An HIV vaccine remains elusive, but mRNA technology has opened new possibilities. A phase 1 trial testing mRNA-encoded HIV proteins found that 80% of participants who received the most promising formulation developed neutralizing antibodies capable of blocking the virus. That’s a meaningful step, though the trial measured immune response rather than real-world protection. Some participants (about 6.5%) developed hives, a higher rate than seen with other mRNA vaccines. A usable vaccine is likely still many years away, but the platform finally shows the kind of immune response that decades of prior vaccine attempts failed to generate.
A Realistic Timeline
Small, well-resourced countries with concentrated epidemics could plausibly reach elimination thresholds within the next five to ten years, particularly if tools like twice-yearly injectable prevention are widely deployed. For much of sub-Saharan Africa, where the majority of people with HIV live, that timeline extends considerably. And in regions like Eastern Europe and Central Asia, where infections are still climbing, the epidemic may worsen before it improves.
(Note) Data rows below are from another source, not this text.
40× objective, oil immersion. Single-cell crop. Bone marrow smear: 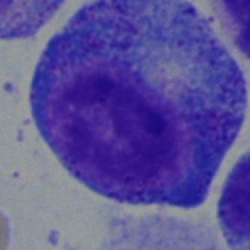 Single cell identified as a progranulocyte.
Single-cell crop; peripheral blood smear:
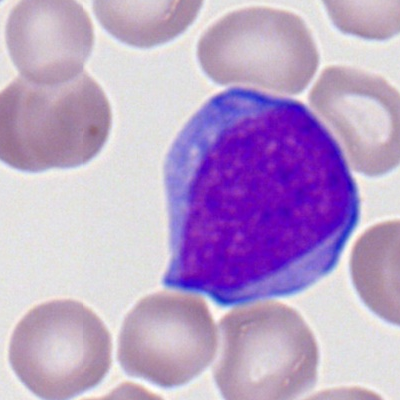

A myeloblast.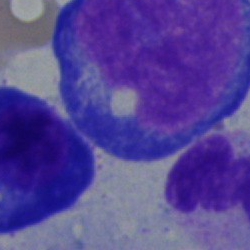

{"cell_type": "pronormoblast", "lineage": "erythroid"}
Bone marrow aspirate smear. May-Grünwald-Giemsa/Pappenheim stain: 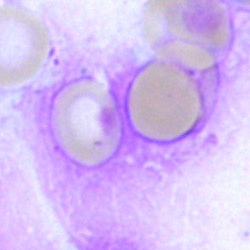

Q: What is shown here?
A: It is an artefact.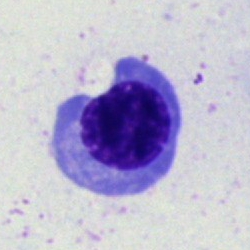Morphology — nucleated red cell.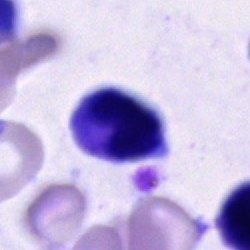Cell of indeterminate lineage.
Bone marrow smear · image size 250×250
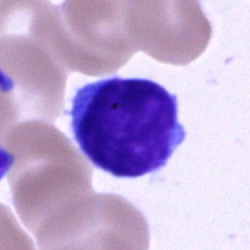

Typical lymphocyte.
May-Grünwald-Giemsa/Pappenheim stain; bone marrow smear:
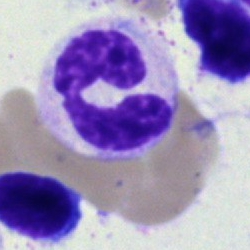

Cell: segmented neutrophil.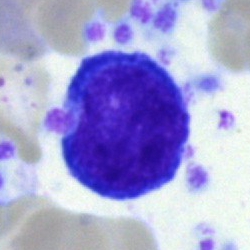

Bone marrow aspirate smear, single cell — proerythroblast.
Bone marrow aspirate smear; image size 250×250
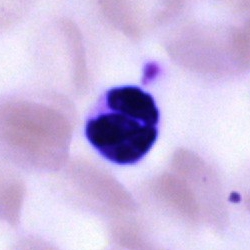
Morphology consistent with a polymorphonuclear neutrophil.
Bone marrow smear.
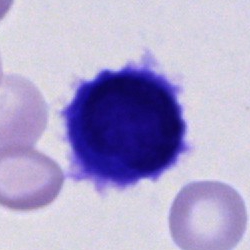 Impression — hairy cell.
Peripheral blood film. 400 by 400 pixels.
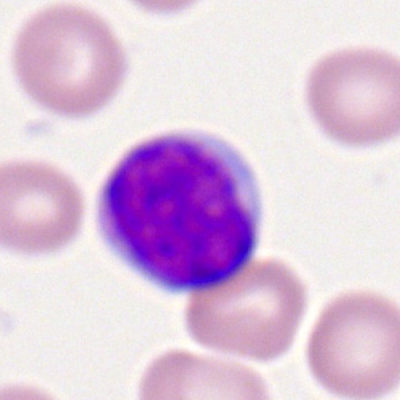

Specimen: peripheral blood film.
Cell: lymphocyte.
Lineage: lymphoid.
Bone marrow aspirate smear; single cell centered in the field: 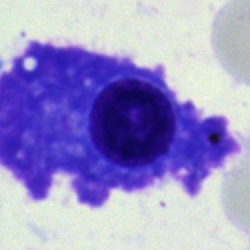

Morphology consistent with a plasma cell.
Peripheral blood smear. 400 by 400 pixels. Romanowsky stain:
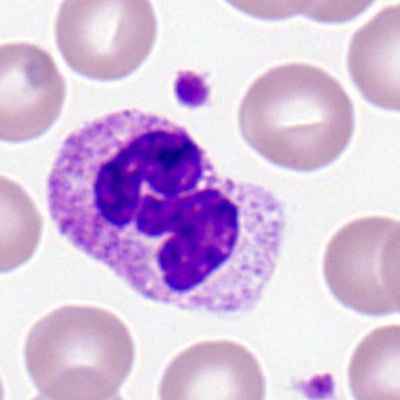Neutrophil (segmented).
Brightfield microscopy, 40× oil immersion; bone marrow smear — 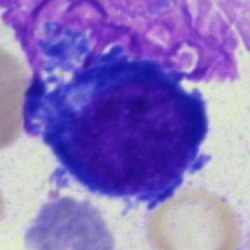
Showing a pronormoblast.
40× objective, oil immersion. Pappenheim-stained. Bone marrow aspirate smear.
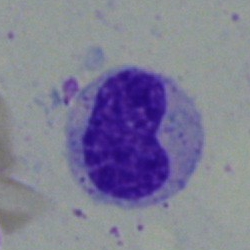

A functional cure that allows people to stop daily medication could realistically emerge within the next one to two decades, though “could” is doing heavy lifting in that sentence. A sterilizing cure that completely eliminates HIV from the body remains a far more distant prospect, with no clear timeline. The honest answer is that HIV will end not with a single breakthrough but through the slow, uneven accumulation of better drugs, wider access, reduced stigma, and eventually, curative therapies. For some populations, that process is well underway. For others, it hasn’t meaningfully begun.